Les écrivains israéliens à Paris, une chance

L’invitation d’Israël au Salon du livre de Paris suscite une vague de commentaires habituels dès lors qu’il s’agit de ce pays. L’appel au boycottage de cette manifestation culturelle par la plupart des pays arabes est certes regrettable mais tout à fait attendu, Israël y est rompu depuis belle lurette, quel que soit le contexte politique du moment. Le boycottage, au-delà des faux-semblants, est un appel à la négation pure et simple d’une identité, d’un Etat dont l’existence ne cesse d’être remise en question.

Silence

Ce qui surprend en revanche, c’est le silence assourdissant de l’ensemble de la communauté des écrivains et éditeurs français qui participe de fait au Salon du livre. Pas un mot, pas une ligne pour souligner que cette manifestation offre justement la possibilité de se parler par-delà les pesanteurs diplomatiques habituelles. Pas un mot, pas une ligne pour dire la formidable opportunité que nous donne cette manifestation pour découvrir, échanger, polémiquer, voire comprendre ! Pas un mot, pas une ligne pour rappeler que ce ne sont pas des représentants officiels d’un Etat qui sont invités, mais des écrivains !
Nous regrettons profondément aussi l’attitude (devrions-nous dire la posture ?) de la plupart des écrivains arabes appelant au boycottage d’un pays coupable, selon eux, de “crimes contre l’humanité”.

La belle affaire !

Outre que ces écrivains ont l’indignation sélective, nous aurions aimé entendre, par exemple, l’écrivain égyptien Alaa El Aswany nous donner son sentiment sur les centaines de milliers de Darfouris assassinés sur le territoire d’un pays voisin du sien, le Soudan, dont nombre de survivants, comble de l’ironie, se réfugient en Israël après avoir été traités comme du bétail humain par l’Egypte !
Le monde arabe est malheureusement criblé d’exemples de ce genre. Les intellectuels arabes qui ont le courage de les dénoncer sont menacés physiquement dans leurs propres pays. Qui en parle ?

LE SALON N’EST PAS L’ONU

On a tout à fait le droit de critiquer la politique du gouvernement israélien, nombre d’auteurs de ce pays n’ont pas attendu les contempteurs habituels, c’est même un sport national et c’est plutôt la preuve d’une vigueur démocratique assez rare dans la région. Regardez, lisez les romans, les témoignages, les livres d’historiens publiés sur les différentes guerres qu’a connues Israël aussi bien que sur la société civile et ses injustices, vous y trouverez les critiques, les interrogations, les oeuvres les plus aiguës, les plus talentueuses. On aimerait en lire d’équivalentes provenant de l’autre camp. Faut-il ici rappeler que les vingt-deux pays arabes réunis traduisent moins de titres étrangers que la Grèce ?

Instrumentalisation

Ce Salon du livre n’est pas l’ONU ou un TPI, c’est, ce devrait être, le lieu de tous les possibles. Mais l’écrivain qui se fait porte-voix de son gouvernement, quel qu’il soit, est un idéologue, non un créateur ; l’écrivain égyptien, par exemple, qui entend profiter de cette manifestation pour “distribuer des photos d’enfants palestiniens victimes de la politique israélienne” instrumentalise grossièrement le malheur au lieu d’essayer de le penser, ce qu’on serait en droit d’attendre de lui.

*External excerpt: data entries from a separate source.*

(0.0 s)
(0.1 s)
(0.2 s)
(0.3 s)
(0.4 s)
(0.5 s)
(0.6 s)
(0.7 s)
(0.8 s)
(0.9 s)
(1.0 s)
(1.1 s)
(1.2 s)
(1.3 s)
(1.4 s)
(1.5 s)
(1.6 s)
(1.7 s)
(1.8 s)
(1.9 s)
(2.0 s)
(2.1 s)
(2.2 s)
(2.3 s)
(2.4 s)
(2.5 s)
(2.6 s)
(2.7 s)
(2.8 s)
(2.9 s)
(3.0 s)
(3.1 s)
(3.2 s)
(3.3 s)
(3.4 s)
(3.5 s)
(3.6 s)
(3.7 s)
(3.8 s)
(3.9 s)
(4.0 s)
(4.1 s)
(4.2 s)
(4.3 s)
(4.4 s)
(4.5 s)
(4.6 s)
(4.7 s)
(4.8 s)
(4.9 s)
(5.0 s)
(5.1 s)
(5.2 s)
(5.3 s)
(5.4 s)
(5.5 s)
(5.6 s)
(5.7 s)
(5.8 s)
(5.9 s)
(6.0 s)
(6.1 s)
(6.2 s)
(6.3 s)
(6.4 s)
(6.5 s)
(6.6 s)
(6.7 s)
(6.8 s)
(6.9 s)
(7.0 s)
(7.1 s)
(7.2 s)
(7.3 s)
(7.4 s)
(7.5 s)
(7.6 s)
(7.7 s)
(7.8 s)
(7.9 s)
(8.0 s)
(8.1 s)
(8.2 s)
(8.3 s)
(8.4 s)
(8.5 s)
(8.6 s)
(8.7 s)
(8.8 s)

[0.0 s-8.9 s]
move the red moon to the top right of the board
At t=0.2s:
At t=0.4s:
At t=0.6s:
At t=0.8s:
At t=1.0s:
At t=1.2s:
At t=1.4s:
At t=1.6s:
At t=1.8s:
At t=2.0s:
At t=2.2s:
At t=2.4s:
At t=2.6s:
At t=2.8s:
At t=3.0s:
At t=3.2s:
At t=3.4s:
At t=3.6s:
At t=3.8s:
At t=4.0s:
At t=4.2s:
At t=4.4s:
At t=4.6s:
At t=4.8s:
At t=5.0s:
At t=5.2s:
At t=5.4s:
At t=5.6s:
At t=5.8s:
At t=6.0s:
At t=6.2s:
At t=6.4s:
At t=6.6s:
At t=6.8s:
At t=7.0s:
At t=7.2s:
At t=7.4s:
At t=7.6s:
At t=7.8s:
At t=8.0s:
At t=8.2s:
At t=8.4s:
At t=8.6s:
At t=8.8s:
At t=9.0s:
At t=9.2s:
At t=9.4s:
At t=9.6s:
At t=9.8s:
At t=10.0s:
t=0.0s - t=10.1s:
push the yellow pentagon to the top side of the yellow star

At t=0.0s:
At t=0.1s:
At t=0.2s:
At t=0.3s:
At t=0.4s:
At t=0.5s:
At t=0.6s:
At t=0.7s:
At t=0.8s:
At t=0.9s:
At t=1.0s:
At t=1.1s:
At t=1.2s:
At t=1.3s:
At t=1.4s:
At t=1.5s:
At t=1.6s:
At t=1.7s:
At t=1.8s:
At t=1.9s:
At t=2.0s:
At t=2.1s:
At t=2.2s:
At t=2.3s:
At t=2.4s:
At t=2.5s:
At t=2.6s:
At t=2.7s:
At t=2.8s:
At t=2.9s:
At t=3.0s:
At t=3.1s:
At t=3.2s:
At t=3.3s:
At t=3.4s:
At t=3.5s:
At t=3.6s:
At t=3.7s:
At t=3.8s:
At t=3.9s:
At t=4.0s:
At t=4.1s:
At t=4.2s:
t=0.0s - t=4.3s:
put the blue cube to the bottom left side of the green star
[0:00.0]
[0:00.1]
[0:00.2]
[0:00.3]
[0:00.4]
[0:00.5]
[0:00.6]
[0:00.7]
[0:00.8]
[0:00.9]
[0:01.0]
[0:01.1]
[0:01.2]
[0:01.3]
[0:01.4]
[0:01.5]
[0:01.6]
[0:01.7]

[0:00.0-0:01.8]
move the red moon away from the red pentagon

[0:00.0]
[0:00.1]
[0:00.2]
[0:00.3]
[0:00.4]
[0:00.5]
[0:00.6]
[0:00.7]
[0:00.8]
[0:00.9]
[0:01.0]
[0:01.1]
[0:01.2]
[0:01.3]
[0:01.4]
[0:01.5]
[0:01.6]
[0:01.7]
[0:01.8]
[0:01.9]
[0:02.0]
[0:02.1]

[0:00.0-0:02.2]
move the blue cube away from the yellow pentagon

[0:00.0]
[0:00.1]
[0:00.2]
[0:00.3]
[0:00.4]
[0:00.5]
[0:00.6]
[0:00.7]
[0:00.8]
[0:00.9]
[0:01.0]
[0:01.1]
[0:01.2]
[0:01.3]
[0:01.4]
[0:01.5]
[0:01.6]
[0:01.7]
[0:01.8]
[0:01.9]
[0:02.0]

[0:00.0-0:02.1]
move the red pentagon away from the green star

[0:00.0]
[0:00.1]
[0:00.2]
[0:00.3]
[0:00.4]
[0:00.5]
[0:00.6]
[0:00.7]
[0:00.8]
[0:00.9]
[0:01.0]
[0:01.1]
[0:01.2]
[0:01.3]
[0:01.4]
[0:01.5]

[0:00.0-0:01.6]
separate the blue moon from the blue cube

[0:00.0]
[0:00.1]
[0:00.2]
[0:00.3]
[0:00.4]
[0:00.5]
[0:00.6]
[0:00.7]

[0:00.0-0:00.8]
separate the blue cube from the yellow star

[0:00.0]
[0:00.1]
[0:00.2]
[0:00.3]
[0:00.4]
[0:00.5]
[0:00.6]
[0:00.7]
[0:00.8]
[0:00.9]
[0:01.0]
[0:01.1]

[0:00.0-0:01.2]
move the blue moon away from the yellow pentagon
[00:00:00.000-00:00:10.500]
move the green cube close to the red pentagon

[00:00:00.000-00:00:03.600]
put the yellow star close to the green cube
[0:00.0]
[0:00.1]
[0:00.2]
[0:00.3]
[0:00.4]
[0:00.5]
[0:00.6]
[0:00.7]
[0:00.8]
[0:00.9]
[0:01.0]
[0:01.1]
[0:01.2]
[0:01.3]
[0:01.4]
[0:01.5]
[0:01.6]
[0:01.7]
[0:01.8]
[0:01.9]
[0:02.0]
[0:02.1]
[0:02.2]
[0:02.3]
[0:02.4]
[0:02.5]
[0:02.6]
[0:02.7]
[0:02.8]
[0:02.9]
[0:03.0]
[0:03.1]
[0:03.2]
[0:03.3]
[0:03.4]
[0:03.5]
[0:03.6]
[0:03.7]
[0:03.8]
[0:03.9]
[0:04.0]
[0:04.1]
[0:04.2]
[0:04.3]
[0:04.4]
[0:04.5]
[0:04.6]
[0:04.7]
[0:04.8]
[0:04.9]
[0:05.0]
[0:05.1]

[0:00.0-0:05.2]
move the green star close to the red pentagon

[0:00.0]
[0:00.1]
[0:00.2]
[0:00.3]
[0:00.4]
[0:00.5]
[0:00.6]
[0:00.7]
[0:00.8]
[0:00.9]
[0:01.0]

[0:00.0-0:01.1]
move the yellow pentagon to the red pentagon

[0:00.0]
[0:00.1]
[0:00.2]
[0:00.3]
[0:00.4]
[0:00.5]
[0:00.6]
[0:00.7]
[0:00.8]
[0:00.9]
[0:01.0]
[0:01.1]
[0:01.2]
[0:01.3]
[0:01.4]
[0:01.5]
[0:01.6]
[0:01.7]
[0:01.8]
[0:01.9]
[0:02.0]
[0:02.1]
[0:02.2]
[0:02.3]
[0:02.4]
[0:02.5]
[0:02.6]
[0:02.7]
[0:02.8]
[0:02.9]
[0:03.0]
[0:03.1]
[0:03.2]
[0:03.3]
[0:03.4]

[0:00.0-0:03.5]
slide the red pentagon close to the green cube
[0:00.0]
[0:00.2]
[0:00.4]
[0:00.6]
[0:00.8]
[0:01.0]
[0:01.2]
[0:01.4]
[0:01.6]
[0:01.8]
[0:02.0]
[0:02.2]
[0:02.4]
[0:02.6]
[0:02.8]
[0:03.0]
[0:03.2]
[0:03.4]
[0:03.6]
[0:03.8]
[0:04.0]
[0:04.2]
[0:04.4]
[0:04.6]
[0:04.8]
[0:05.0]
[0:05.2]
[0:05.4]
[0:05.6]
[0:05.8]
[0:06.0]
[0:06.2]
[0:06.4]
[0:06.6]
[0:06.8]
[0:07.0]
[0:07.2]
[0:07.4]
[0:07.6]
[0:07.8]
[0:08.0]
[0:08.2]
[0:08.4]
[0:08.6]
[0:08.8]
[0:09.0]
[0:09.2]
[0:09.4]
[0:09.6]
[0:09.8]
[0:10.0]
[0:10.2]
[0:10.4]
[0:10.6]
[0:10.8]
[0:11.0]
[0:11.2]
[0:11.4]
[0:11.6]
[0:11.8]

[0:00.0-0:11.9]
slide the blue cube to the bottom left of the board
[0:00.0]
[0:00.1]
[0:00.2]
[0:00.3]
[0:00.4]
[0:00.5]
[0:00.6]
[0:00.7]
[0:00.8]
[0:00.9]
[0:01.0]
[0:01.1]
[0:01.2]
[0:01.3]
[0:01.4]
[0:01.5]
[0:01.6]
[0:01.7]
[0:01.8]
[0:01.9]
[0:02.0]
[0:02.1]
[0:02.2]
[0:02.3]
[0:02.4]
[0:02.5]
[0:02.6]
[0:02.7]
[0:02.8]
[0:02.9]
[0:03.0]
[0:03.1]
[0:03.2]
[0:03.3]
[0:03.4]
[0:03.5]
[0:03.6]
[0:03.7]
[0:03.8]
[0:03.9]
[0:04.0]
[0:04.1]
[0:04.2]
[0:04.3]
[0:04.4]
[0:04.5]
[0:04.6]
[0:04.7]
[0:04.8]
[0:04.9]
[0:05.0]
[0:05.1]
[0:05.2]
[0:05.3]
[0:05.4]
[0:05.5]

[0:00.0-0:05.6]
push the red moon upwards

Aussi nous saluons nos confrères arabes qui bravent courageusement les menaces et interdiction qui leur sont faites de participer au Salon du livre par leurs gouvernements respectifs, qu’ils soient ici les bienvenus.

Et nous serons ravis, demain, nous l’espérons, de participer à un Salon du livre où l’Etat palestinien, libre et démocratique, sera l’invité d’honneur de la France, où toutes les sensibilités littéraires et intellectuelles de ce pays en devenir seront représentées et pourront s’exprimer en toute liberté.